Go to a high quality medical facility e.g. Gleneagles and the chances of you getting jabbed by the crappy Sinovac is lower.

If they want to hedge their bets by being kiasu and procuring three brands of vaccines, you can be kiasu and hedge bets of your own. :wink:
MOH handles the supply of the vaccine so what you claim does not make sense...whether you go to a private hospital or a government hospital it would make no difference...private hospitals would not be allowed to hoard the vaccines...those in priority cats like front line and the oldies get first dibs...the rest just have to join the queue and take pot luck...
 
If chinese vaccine not recognised internationally, then no use.
 
Atas folks who paid for jabs will get angmo vaccine while ordinary peasants who use subsides polyclinic jabs get the ahtiong vaccine.
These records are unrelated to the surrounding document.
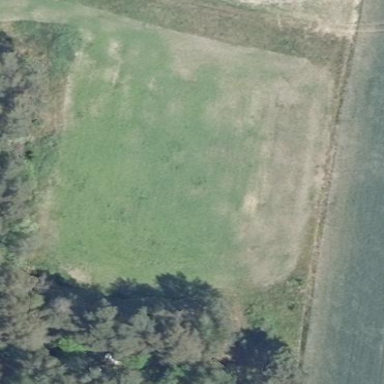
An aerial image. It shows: Area covered with grass.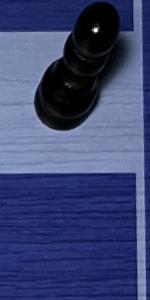
Label: Empty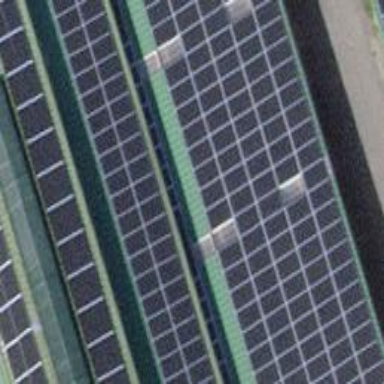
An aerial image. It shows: Solar power generator using photovoltaic method with solar photovoltaic panel types.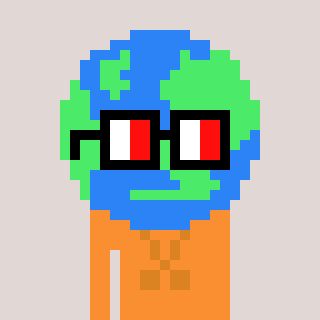
a pixel art character with square glasses with black frames and red eyes, a earth-shaped head and a orange-colored body on a warm background
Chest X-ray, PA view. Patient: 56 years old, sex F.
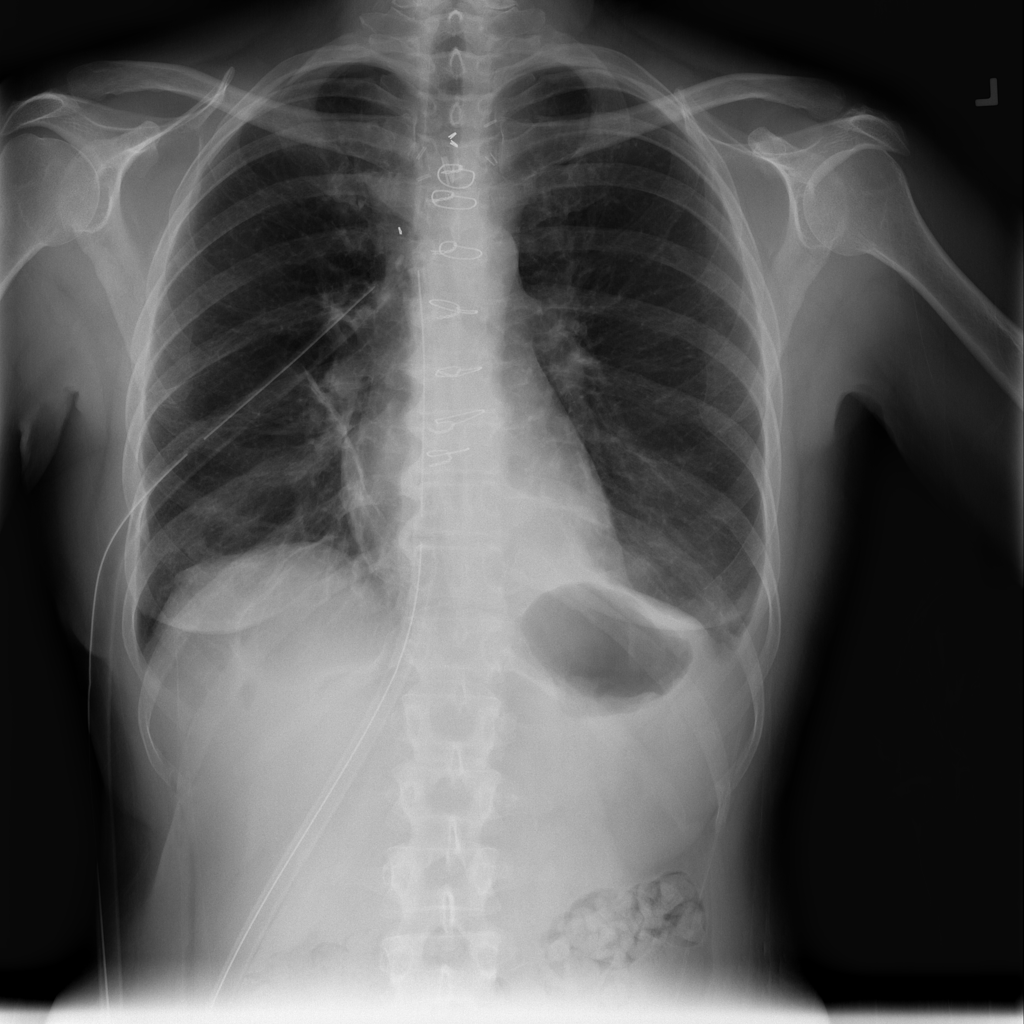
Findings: No Finding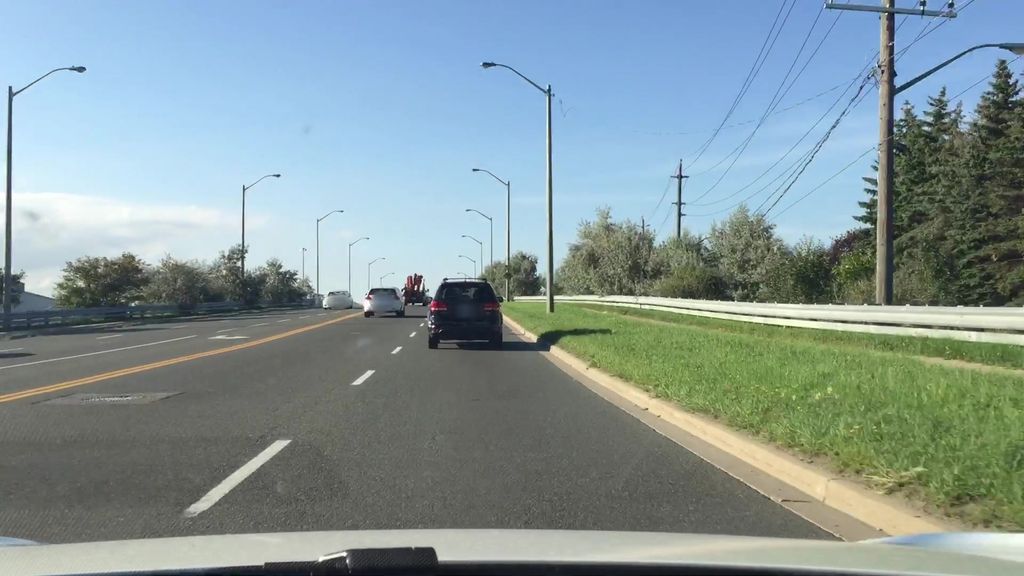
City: toronto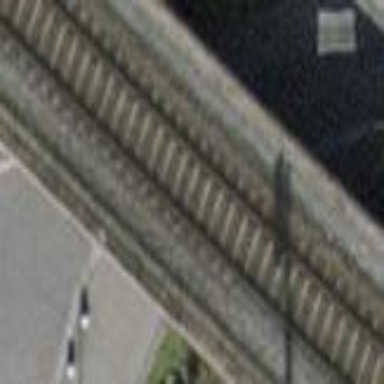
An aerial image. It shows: Beam bridge structure.

Simple as that.
So is the vaccine permanent or must get yearly jab like the usual flu jab?
Government has clearly stated that the Covid vaccine will be FOC for all citizens, prs and even long term residents in Singapore...no such thing as atas and peasants in this case...only differential would be what category do you fall under with respect to health priority status I e frontline, oldies, underlying health conditions etc...
 
Atas folks who paid for jabs will get angmo vaccine while ordinary peasants who use subsides polyclinic jabs get the ahtiong vaccine. Simple as that.
So is the vaccine permanent or must get yearly jab like the usual flu jab?
I normally inject chinese so maybe try chinese vaccine for a change.
 
Maybe PRC PRs and work permit holders can get sinovac? Is from their own country they will be more than happy to take it.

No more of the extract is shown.